Authentication and trust signals
- DKIM and ARC: Verify DKIM signatures and, when available, ARC chains. Store pass or fail with reasons. Use this to downrank spoofed emails.
- SPF alignment: Compute whether the envelope sender aligns with the From domain. Record alignment results to support abuse detection.
- DMARC evaluation: If the sender publishes DMARC, store the policy and whether the message would pass alignment, even if you are the receiver.
High availability and failover
- Multi-MX, multi-region: Ensure your MX targets represent different regions or providers. Test failover by blackholing one MX and measuring acceptance continuity.
- Dual-path ingestion: Keep both webhooks and REST polling available. Switch to polling during network incidents or WAF lockouts.
- Replay pipeline: Build a replay tool that can re-enqueue messages from object storage into the queue for reprocessing.
Operational excellence
- SLIs and SLOs: Define SLIs for time-to-parse, time-to-first-byte on webhook, acceptance rate, and percent of messages with verified DKIM. Set SLOs appropriate to your business flows.
- Alerting: Alert on rising webhook 5xx, queue depth, DLQ rate, and TLS-RPT failures mentioning your MX hosts.
- Runbooks: Document DNS changes, certificate renewals for MTA-STS hostnames, and playbooks for greylisting and throttling from specific sending networks.
Conclusion
Email deliverability for platform engineers is a reliability discipline. Set up DNS correctly, enforce TLS with MTA-STS, and operate a lean webhook that never blocks. Parse MIME in a dedicated stage, persist raw messages, and process idempotently through durable queues. Add observability at each hop and treat deliverability signals like SPF, DKIM, and DMARC as first-class metadata. With the right patterns, inbound email becomes a dependable event source that fuels internal platforms and developer tools.
FAQ
What is the difference between inbound deliverability and spam filtering?
Inbound deliverability is about ensuring the message reaches your MX, your provider accepts it, and your platform processes it reliably. Spam filtering is a classification step that may quarantine or route messages after acceptance. Keep these concerns separate. First guarantee reliable transport and storage, then apply classification and policy.
Should I point my apex domain MX to my inbound provider?
Prefer a delegated subdomain like in.example.com for application ingestion. Keep user mailboxes and corporate mail separate from automated processing. This reduces blast radius, simplifies policy, and prevents your application logic from interfering with human mail workflows.
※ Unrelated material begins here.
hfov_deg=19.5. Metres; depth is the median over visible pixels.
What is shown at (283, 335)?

How do I monitor end-to-end email processing?
Instrument at four layers: DNS and TLS health, SMTP acceptance metrics, webhook or polling latency and error rates, and downstream parsing plus business processing success. Use distributed tracing across webhook, queue, and parser. Consume TLS-RPT to detect transport failures at remote senders and alert when reports spike.
What timeout and retry settings are safe for webhooks?
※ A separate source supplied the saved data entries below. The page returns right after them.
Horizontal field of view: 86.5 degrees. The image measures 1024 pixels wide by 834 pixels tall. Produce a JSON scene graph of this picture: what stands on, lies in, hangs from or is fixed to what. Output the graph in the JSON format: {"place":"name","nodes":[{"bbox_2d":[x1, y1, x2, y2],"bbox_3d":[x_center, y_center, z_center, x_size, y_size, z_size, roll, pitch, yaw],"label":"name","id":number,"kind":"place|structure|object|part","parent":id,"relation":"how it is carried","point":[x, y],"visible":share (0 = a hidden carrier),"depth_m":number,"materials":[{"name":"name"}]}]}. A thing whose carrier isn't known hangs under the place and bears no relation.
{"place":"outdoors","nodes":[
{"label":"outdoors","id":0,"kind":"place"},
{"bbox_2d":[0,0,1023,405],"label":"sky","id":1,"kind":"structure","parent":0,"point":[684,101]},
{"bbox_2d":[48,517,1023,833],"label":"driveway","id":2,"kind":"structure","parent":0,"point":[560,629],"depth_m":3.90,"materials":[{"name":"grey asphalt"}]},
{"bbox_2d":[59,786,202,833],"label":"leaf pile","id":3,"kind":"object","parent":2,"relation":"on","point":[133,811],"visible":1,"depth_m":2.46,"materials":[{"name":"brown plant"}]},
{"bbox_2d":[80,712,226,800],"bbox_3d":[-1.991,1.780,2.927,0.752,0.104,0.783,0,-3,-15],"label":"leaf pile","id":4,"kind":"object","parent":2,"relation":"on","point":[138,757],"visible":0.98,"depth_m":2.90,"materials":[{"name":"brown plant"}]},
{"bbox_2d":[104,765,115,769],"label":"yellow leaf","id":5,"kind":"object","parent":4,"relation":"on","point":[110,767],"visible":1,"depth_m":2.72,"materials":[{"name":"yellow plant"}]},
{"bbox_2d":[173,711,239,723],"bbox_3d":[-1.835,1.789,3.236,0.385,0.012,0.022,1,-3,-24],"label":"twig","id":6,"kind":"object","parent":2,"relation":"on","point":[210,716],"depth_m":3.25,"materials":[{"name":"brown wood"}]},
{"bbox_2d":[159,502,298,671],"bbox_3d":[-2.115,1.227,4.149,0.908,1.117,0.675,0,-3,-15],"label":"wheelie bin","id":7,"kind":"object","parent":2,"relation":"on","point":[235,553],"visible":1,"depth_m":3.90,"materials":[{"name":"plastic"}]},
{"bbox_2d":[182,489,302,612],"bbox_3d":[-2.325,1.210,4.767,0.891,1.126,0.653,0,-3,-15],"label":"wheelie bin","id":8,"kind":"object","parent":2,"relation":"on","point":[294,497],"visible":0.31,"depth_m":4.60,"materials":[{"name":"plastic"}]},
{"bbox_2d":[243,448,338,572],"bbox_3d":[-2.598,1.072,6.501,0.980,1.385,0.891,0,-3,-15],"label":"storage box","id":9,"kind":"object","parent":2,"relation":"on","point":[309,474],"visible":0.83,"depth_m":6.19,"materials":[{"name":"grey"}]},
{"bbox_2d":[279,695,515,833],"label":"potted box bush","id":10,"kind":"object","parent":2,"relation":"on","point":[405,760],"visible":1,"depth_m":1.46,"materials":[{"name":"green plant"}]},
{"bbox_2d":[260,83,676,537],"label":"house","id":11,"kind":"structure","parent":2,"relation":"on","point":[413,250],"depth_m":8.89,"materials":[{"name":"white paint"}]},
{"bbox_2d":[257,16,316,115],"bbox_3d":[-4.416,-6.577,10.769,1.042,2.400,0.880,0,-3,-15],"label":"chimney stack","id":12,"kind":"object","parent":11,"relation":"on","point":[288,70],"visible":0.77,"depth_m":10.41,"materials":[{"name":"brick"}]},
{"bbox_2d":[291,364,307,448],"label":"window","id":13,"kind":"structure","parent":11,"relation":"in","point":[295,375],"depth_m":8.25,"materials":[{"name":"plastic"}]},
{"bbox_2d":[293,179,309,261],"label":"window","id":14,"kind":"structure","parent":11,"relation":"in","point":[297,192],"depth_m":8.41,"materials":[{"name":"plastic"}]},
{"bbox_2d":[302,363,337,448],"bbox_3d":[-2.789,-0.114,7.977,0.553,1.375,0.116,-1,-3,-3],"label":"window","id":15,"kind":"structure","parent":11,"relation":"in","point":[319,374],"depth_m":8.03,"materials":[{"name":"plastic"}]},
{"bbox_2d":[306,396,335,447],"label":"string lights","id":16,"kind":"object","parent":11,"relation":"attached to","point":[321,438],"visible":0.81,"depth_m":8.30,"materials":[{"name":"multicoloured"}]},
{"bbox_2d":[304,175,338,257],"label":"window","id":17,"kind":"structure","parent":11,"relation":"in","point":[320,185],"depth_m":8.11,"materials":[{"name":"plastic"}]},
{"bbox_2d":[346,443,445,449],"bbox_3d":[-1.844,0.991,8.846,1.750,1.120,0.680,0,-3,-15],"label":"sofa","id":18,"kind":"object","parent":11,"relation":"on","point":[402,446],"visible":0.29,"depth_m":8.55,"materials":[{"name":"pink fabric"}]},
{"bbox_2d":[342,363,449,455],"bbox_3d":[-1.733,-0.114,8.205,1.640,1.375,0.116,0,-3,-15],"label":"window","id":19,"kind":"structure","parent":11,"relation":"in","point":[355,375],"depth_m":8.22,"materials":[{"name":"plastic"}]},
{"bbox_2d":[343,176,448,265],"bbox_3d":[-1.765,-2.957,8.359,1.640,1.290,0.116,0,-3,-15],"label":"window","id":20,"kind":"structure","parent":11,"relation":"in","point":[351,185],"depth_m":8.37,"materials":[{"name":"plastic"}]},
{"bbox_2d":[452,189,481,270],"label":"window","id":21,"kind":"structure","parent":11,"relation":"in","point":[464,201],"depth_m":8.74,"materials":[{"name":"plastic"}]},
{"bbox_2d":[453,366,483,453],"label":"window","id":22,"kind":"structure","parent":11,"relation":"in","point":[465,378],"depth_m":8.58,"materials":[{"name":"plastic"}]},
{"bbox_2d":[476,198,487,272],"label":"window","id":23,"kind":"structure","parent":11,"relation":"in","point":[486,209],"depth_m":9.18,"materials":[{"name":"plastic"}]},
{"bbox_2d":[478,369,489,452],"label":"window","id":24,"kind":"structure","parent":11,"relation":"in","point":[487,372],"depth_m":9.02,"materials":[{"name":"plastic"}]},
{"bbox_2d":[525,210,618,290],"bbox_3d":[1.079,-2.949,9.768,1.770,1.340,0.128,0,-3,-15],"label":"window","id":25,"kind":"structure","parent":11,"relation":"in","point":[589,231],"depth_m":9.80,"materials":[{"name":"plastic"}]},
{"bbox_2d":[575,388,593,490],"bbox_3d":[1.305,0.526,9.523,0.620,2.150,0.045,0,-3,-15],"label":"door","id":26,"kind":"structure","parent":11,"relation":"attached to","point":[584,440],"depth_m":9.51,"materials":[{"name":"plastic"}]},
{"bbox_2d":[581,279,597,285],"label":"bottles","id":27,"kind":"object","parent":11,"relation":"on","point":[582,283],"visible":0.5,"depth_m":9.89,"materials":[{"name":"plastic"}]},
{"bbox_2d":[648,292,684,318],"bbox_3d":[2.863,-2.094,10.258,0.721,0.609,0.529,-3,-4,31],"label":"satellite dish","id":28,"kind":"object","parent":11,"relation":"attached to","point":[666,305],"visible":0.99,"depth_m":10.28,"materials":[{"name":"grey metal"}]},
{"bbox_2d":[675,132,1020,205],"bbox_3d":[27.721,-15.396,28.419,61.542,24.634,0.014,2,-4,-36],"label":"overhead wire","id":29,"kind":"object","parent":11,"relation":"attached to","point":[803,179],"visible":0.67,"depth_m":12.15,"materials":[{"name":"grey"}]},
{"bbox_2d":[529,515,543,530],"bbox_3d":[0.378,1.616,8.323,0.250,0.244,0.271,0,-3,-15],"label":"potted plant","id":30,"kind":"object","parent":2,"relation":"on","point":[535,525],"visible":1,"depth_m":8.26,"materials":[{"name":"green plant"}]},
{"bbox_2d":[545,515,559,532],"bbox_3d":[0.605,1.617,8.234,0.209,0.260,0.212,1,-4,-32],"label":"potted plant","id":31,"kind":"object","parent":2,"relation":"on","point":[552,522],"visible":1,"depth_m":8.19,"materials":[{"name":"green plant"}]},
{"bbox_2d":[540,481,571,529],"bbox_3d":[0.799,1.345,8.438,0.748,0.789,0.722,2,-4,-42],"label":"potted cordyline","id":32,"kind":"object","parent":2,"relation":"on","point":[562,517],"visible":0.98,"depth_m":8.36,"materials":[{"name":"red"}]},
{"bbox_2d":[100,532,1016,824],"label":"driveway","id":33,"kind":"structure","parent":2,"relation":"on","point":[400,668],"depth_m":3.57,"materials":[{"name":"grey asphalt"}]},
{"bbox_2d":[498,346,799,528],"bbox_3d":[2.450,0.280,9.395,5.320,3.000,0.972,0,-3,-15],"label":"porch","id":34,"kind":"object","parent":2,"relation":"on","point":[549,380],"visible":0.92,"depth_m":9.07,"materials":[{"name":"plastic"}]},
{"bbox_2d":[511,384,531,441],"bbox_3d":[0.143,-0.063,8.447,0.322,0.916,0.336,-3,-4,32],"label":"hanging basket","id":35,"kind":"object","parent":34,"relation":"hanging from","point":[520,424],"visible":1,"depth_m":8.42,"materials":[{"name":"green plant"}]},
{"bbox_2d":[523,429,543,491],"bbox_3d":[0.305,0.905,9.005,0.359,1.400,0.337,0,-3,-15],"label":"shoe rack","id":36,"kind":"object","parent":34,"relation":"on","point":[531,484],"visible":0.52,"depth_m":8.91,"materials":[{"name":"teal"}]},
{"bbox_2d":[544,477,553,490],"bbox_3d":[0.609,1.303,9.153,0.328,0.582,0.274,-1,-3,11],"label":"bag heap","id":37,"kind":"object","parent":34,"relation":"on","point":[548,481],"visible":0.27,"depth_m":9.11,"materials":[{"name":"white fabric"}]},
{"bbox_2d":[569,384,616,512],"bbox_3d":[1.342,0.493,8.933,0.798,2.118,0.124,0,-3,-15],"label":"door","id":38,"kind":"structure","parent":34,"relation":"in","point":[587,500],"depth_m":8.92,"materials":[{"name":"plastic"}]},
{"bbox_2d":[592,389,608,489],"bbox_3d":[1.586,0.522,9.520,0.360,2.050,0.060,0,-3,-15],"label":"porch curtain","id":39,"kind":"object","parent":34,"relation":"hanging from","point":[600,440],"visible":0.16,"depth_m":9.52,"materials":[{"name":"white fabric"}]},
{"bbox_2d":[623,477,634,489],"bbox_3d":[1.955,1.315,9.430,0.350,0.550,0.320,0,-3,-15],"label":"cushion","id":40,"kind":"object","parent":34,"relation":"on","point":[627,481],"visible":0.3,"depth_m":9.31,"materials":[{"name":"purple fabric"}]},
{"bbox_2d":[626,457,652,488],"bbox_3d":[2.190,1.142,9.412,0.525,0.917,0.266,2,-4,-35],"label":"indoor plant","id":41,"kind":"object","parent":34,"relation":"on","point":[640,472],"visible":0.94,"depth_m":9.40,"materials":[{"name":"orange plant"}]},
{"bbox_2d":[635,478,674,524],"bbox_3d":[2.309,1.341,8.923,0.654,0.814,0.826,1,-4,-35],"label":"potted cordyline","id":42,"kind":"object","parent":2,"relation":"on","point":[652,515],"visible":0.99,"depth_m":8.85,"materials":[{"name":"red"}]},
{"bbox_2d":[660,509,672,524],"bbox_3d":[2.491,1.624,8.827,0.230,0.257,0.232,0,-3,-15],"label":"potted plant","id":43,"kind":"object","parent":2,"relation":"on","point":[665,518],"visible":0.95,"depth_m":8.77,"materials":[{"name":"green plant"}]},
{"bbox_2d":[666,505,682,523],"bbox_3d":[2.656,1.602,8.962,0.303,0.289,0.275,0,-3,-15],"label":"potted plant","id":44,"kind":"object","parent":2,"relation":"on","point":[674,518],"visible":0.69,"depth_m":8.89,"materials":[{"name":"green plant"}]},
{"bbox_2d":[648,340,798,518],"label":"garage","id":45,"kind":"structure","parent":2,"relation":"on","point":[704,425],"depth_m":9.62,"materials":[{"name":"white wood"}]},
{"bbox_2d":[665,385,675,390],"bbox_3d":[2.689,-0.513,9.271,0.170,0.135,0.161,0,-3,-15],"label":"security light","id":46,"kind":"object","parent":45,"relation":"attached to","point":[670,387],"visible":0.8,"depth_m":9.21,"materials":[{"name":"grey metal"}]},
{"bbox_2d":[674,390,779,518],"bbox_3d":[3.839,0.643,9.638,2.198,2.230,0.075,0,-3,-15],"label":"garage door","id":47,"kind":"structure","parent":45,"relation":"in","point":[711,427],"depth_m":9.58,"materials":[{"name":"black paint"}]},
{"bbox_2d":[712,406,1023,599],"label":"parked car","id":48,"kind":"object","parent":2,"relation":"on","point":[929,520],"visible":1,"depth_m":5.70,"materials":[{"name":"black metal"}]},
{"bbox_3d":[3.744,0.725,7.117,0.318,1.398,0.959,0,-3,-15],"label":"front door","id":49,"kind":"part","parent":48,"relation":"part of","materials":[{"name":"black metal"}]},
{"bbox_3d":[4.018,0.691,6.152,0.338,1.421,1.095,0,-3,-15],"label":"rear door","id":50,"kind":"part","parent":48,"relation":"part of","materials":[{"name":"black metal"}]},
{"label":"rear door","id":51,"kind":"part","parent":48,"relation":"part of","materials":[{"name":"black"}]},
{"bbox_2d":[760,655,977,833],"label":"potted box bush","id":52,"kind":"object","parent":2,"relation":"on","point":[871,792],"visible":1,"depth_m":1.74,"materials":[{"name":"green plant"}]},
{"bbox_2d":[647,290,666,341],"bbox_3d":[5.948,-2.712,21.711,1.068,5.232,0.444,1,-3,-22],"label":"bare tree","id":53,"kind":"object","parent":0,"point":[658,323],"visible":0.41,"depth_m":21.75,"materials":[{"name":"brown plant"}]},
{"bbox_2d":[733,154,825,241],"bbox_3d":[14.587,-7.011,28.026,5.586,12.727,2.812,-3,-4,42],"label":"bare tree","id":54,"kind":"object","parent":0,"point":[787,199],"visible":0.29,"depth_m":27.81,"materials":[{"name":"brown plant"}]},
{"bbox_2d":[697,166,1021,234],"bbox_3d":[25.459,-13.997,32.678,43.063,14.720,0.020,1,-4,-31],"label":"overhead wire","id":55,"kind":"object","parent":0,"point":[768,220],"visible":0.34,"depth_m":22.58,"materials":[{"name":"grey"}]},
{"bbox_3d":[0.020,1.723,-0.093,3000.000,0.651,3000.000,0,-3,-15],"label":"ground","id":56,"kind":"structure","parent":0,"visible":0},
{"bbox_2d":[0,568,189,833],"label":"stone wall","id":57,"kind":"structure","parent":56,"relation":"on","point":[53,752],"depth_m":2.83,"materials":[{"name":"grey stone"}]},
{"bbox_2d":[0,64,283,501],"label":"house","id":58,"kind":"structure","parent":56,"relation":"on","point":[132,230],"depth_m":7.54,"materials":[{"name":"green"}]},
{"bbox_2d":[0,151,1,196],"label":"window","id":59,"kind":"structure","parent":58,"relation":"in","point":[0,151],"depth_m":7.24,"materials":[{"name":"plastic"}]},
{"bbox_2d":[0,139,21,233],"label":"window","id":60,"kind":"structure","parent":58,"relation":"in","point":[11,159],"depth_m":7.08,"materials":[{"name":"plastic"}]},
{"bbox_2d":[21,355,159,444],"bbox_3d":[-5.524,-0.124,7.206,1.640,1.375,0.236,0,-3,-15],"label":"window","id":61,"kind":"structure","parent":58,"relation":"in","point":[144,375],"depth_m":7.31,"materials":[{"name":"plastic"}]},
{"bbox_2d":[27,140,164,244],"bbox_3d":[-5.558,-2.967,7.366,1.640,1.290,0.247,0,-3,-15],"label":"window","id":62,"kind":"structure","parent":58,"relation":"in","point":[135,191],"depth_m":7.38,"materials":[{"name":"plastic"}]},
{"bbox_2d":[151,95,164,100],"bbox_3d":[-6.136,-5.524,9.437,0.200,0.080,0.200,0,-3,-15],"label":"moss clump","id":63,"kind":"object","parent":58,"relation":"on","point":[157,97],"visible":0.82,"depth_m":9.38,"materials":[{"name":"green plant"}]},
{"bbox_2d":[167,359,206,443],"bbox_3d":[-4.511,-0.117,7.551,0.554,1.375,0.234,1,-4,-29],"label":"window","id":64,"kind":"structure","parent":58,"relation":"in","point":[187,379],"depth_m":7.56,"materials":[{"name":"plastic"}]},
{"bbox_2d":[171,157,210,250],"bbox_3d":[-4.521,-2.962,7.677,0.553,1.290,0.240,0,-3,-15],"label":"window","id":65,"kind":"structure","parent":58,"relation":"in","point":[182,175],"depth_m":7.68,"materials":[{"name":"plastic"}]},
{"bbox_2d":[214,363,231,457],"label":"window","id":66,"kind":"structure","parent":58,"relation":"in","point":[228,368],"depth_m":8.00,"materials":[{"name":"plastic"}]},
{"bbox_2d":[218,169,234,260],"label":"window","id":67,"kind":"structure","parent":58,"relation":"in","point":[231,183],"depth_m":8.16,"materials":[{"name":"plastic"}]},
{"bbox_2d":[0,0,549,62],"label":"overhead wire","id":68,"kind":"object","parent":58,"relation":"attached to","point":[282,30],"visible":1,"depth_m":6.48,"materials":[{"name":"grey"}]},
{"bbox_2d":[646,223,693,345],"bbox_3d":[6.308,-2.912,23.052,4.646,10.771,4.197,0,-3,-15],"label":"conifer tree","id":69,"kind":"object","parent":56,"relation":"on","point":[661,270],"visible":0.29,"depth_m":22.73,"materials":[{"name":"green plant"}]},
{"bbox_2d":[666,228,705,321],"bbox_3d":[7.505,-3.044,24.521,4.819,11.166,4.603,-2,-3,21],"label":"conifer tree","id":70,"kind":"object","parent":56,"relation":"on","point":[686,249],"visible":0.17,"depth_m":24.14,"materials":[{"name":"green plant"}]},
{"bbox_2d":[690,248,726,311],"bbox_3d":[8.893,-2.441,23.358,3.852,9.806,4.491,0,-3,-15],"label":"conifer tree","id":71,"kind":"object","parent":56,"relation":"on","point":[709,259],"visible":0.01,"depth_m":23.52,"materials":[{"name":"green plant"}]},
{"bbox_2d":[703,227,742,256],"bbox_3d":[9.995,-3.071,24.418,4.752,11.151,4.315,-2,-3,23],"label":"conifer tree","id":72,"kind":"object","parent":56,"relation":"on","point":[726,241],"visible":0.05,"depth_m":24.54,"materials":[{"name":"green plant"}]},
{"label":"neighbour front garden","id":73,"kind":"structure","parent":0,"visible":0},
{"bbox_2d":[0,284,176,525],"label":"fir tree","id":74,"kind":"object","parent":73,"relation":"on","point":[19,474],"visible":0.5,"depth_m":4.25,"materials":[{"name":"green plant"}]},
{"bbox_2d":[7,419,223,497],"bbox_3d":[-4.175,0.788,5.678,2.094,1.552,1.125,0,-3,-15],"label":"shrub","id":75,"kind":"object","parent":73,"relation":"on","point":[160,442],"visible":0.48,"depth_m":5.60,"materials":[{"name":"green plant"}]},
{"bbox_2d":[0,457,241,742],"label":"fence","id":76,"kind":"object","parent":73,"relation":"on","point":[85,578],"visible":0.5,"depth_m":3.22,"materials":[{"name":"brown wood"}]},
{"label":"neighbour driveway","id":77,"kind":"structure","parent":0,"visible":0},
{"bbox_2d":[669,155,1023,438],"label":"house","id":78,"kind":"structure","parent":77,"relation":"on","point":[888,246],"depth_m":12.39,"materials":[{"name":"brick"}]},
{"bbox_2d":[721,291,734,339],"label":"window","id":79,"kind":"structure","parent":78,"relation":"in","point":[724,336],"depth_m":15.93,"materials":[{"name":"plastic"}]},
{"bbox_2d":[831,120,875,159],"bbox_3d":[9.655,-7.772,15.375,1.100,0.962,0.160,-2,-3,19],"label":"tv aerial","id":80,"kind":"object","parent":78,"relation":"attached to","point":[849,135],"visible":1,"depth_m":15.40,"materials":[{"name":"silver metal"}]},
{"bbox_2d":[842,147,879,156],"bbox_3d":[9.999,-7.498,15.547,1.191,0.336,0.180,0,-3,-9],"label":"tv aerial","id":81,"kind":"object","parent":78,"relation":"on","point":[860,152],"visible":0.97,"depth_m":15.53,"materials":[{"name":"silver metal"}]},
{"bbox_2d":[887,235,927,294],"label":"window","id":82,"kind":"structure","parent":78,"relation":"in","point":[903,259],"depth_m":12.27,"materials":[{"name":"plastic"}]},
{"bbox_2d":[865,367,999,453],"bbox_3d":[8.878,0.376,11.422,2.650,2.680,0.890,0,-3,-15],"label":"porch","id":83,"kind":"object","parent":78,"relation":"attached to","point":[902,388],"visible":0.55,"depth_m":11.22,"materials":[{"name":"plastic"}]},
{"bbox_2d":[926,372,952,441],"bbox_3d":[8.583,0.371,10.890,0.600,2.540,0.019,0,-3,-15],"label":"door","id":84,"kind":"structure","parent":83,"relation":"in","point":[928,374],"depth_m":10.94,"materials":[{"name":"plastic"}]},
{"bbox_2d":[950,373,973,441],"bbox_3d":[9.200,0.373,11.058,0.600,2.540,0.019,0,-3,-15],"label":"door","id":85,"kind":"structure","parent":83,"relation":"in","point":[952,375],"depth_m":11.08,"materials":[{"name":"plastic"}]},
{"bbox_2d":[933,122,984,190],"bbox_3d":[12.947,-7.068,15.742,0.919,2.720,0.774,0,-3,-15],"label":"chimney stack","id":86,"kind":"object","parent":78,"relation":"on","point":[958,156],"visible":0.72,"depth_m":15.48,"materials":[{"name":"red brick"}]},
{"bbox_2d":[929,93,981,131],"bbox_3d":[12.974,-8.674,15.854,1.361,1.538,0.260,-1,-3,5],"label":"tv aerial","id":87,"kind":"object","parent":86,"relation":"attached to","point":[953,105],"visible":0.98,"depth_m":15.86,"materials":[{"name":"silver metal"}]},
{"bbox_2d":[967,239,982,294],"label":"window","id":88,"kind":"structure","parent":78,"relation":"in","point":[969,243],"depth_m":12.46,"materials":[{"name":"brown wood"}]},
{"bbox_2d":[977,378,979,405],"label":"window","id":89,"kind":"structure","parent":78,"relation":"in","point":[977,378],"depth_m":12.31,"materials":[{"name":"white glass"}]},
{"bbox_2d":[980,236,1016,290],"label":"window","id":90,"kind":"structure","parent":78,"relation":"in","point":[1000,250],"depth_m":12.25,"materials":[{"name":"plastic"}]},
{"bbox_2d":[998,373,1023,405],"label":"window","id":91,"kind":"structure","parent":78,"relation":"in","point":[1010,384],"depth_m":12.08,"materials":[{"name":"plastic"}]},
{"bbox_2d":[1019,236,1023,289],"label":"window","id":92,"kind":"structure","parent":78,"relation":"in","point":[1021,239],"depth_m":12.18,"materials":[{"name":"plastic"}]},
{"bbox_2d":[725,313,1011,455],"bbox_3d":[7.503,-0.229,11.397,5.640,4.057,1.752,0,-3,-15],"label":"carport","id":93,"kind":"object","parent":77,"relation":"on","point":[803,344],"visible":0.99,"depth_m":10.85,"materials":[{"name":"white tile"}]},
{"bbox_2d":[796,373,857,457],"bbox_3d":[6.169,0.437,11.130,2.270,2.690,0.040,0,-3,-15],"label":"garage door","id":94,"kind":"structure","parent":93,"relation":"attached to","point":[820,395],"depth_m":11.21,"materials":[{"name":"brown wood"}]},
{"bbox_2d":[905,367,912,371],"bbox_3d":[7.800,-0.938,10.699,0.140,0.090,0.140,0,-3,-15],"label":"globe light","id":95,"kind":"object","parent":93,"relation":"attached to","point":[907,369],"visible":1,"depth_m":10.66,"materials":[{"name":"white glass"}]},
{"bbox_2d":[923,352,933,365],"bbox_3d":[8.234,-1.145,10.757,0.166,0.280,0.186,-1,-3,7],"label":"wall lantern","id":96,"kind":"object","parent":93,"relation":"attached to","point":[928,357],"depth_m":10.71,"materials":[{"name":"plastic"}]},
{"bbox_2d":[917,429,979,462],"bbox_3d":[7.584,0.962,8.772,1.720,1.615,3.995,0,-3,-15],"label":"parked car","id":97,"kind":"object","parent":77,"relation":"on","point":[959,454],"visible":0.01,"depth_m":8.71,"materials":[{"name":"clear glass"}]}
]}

Keep webhook processing under 500 ms, acknowledge with 2xx promptly, and rely on the queue for the heavy work. If the provider retries, ensure exponential backoff and a maximum retry window that does not exceed your idempotency retention window. Always make your endpoint idempotent using stable message IDs.
How should I handle very large attachments?
Increase webhook body size limits carefully or accept a pointer to stored MIME on the provider. Stream attachments directly to object storage, do not hold them in memory. Scan asynchronously, compute checksums, and move business processing forward only after files are verified and persisted.